Repeat the listing that follows, character for character, minus the pictures.

━━━━━ MATERIAL SHOWN

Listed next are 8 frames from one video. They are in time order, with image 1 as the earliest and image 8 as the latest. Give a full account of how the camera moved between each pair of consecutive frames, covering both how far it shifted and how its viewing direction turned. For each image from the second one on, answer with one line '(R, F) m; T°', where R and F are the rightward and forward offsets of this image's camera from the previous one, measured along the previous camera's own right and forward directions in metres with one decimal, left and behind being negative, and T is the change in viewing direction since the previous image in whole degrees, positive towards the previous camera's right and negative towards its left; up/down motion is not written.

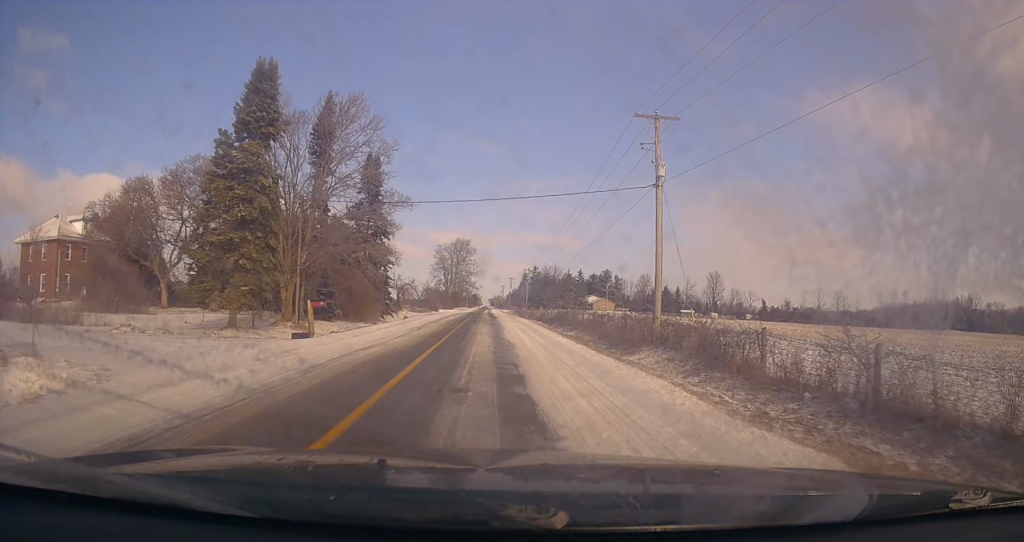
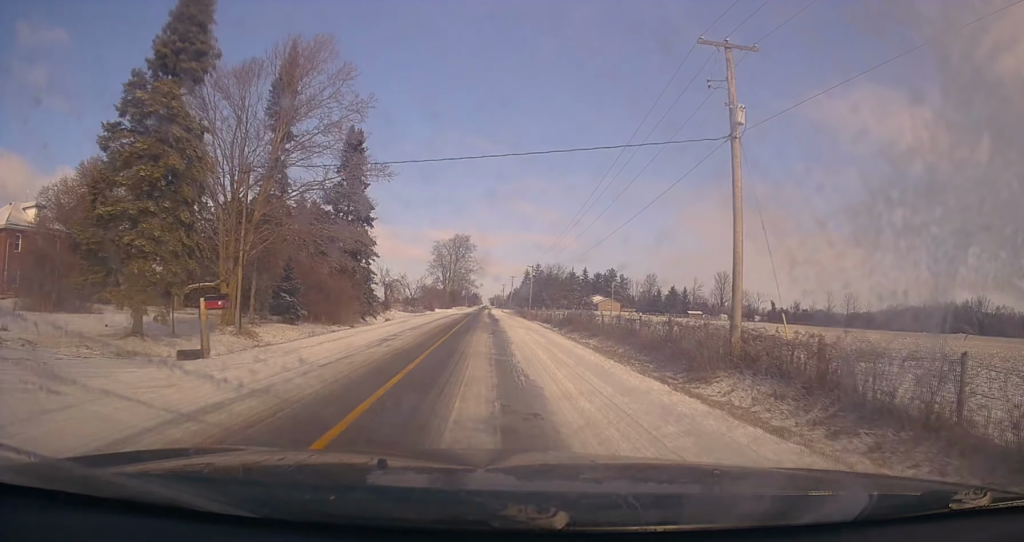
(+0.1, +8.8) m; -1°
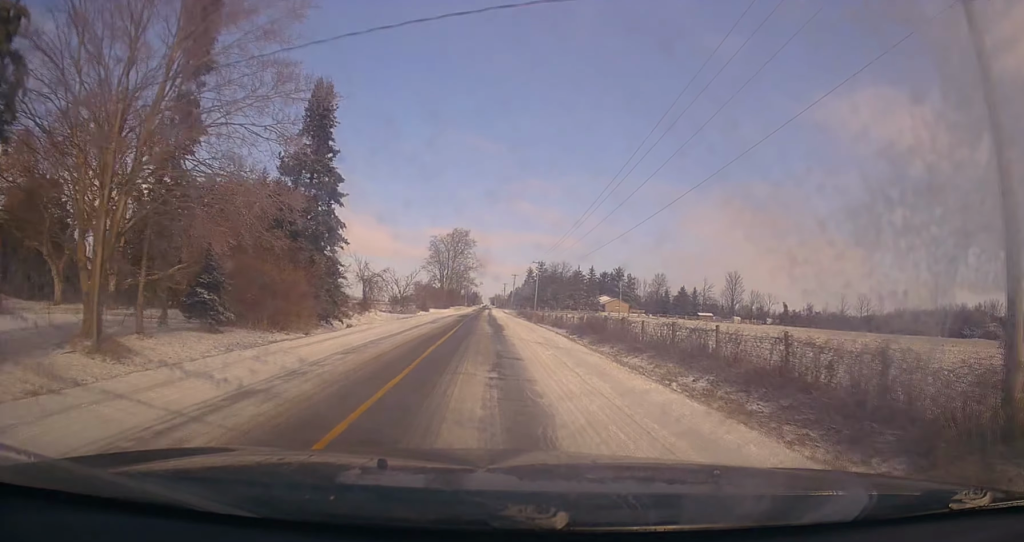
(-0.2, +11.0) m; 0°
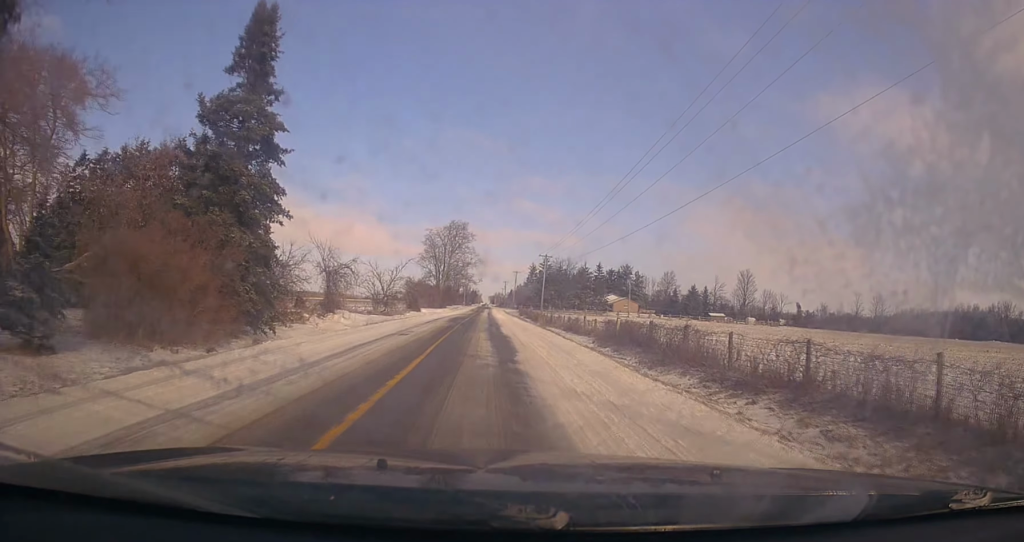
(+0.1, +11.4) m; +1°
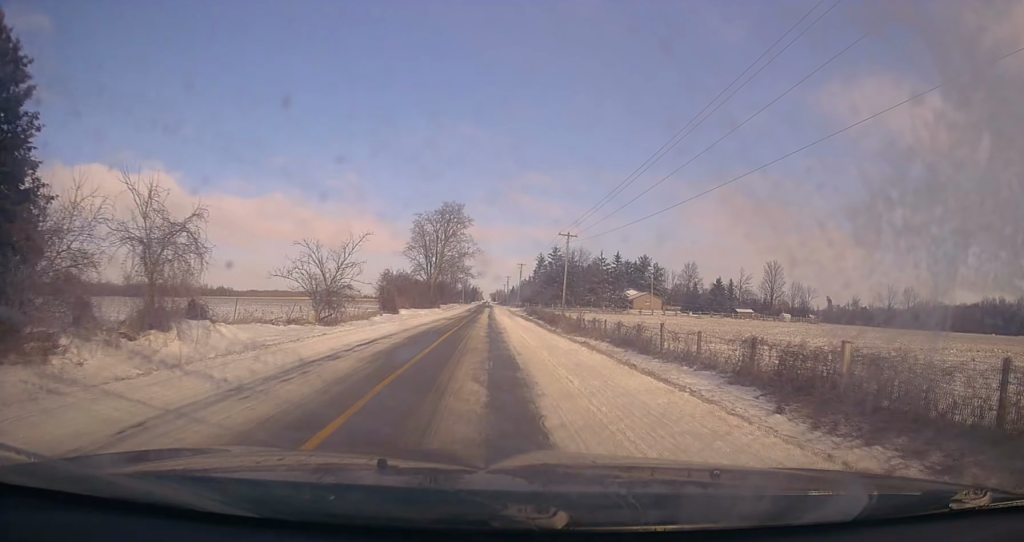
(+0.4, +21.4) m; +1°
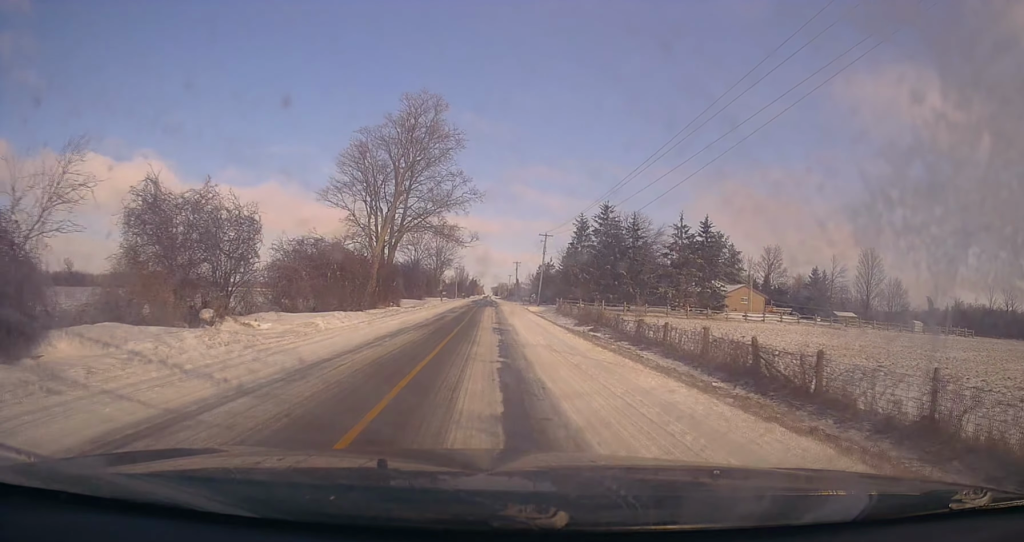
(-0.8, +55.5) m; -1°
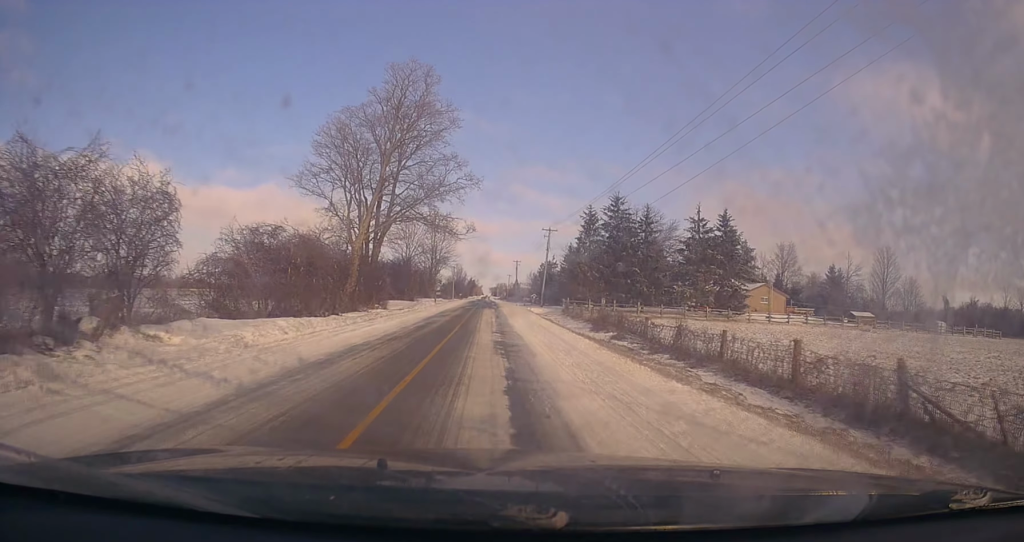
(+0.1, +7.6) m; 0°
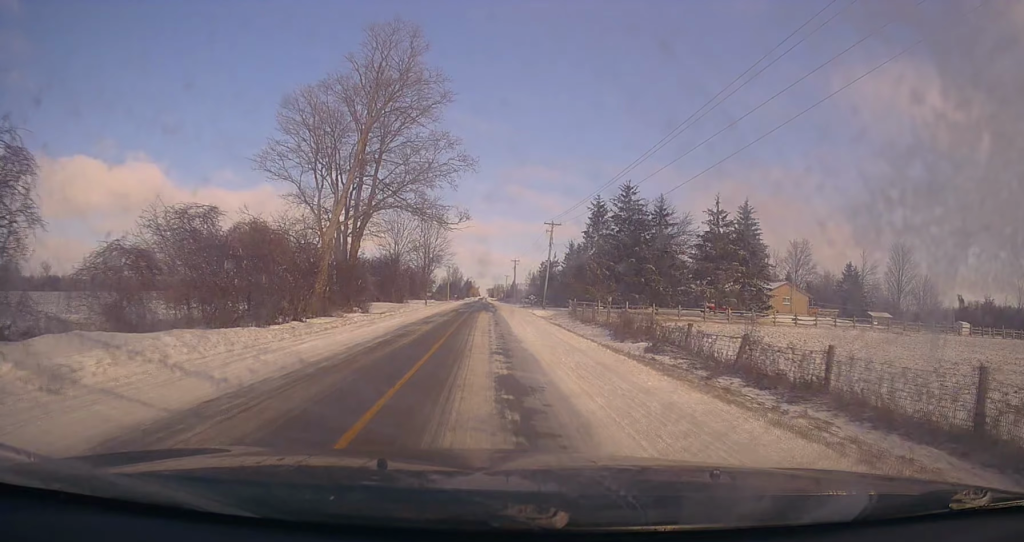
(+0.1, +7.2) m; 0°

━━━━━━━━━━

ANSWER SPACE »
Listed next are 8 frames from one video. They are in time order, with image 1 as the earliest and image 8 as the latest. Give a full account of how the camera moved between each pair of consecutive frames, covering both how far it shifted and how its viewing direction turned. For each image from the second one on, answer with one line '(R, F) m; T°', where R and F are the rightward and forward offsets of this image's camera from the previous one, measured along the previous camera's own right and forward directions in metres with one decimal, left and behind being negative, and T is the change in viewing direction since the previous image in whole degrees, positive towards the previous camera's right and negative towards its left; up/down motion is not written.

(+0.1, +8.8) m; -1°
(-0.2, +11.0) m; 0°
(+0.1, +11.4) m; +1°
(+0.4, +21.4) m; +1°
(-0.8, +55.5) m; -1°
(+0.1, +7.6) m; 0°
(+0.1, +7.2) m; 0°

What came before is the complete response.